Scintillating as well is the instrumental rendition on the Robert Johnson -Elmore James work horse ‘Dust My Broom.” Hewing to the traditional arrangement, Riker’s slide guitar states the swooping introductory riff with a smooth, glistening tone and touch as he coaxes, cajoles, and caresses a gallantly melodic improvisation that simulates a singer’s expression of wonder and woe. Riker’s configurations swoop and loop over, and around the foundation. His taste in short fills, quick riffs, roiling accents in the high registers are applied with a painter’s sense of how to fill space. The classic Peggy Lee hit “Fever” (written by Eddie Cooley and John Davenport) receives a sultry interpretation by Jane Hammer, who does well with the low-key arrangement, as her whisper -like phrasing works sexily with Riker’s subdued chord work. This is the sound of seduction.; the guitar solo, spare, framed by exquisitely cresting blues bends and shadings, is the textbook example of creating musical tension and then releasing.
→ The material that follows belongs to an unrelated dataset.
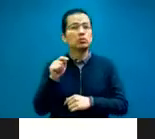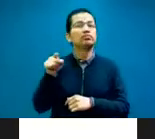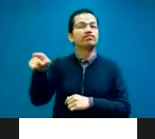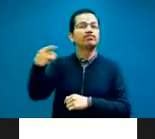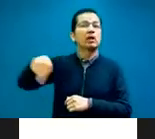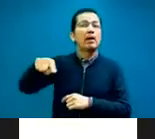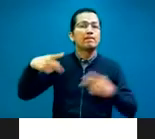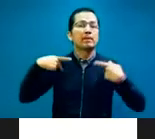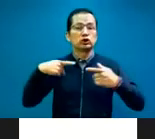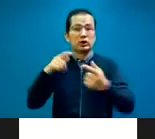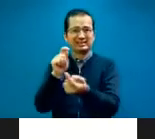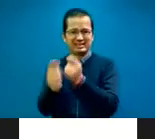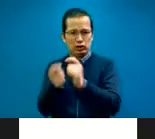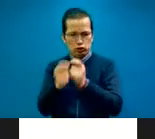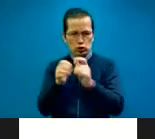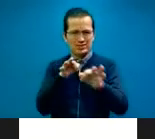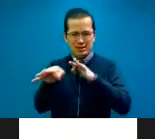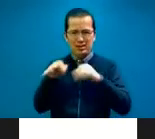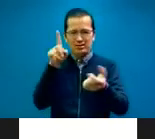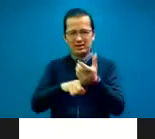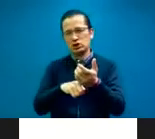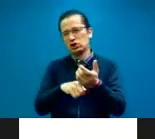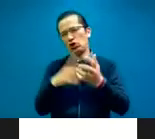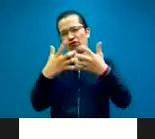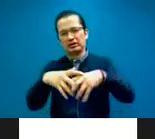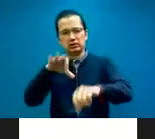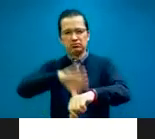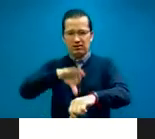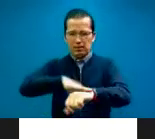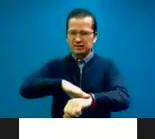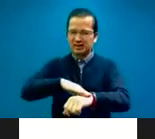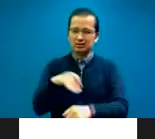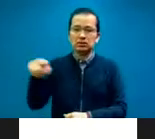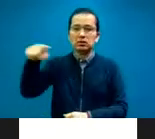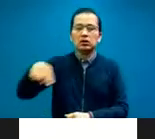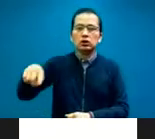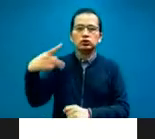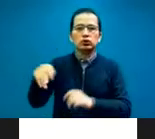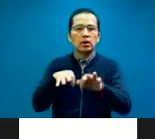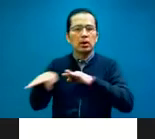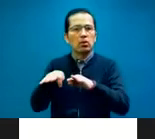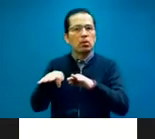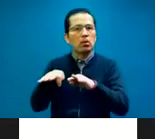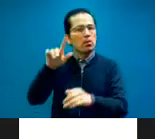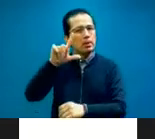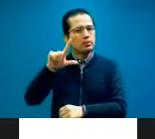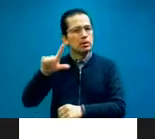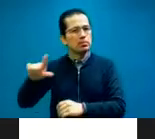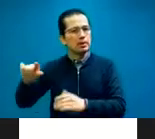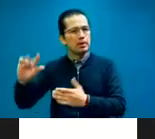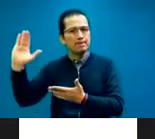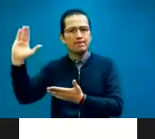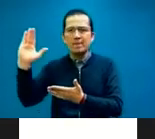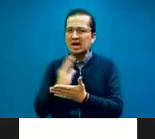farmacéutica, de que poquito a poquito el trabajo les iba mermando, les iba mermando, hasta que llegó un buen día, un fatídico 31

Rocking harder is the take on Don Nix’s “Going Down,” a blues rock standard that’s had pulverizing iterations by Freddie King, and Jeff Beck, among others. 

Wayne Riker takes up the tune and refuses to take a back seat. His guitar work soars, stings, and wails down the descending progression, mischievously teasing the edges of Deanna Haala’s in-your-face lead vocal. Especially bracing, in a pleasant way, is the revival of Howlin’ Wolf’s “Killing Floor,” pushed hard by Michele Lundeen’s rust-coated vocal. The band digs in hard on the changes, with bandleader Wayne unleashing a glorious and bittersweet solo, every note hitting the target dead square. I recommend paying special attention to the two other guitar displays on this fine blues outing, Bill Doggett’s “Honkey Tonk” and ‘Hank Williams’ “Move it Over.” Wayne Riker performs with the feeling and a virtuoso’s ease of play. He is simply wonderful at finding the spirit, emotion, the vibe, and verve of a song and then bringing it out with his guitar in wonderful, atypical ways.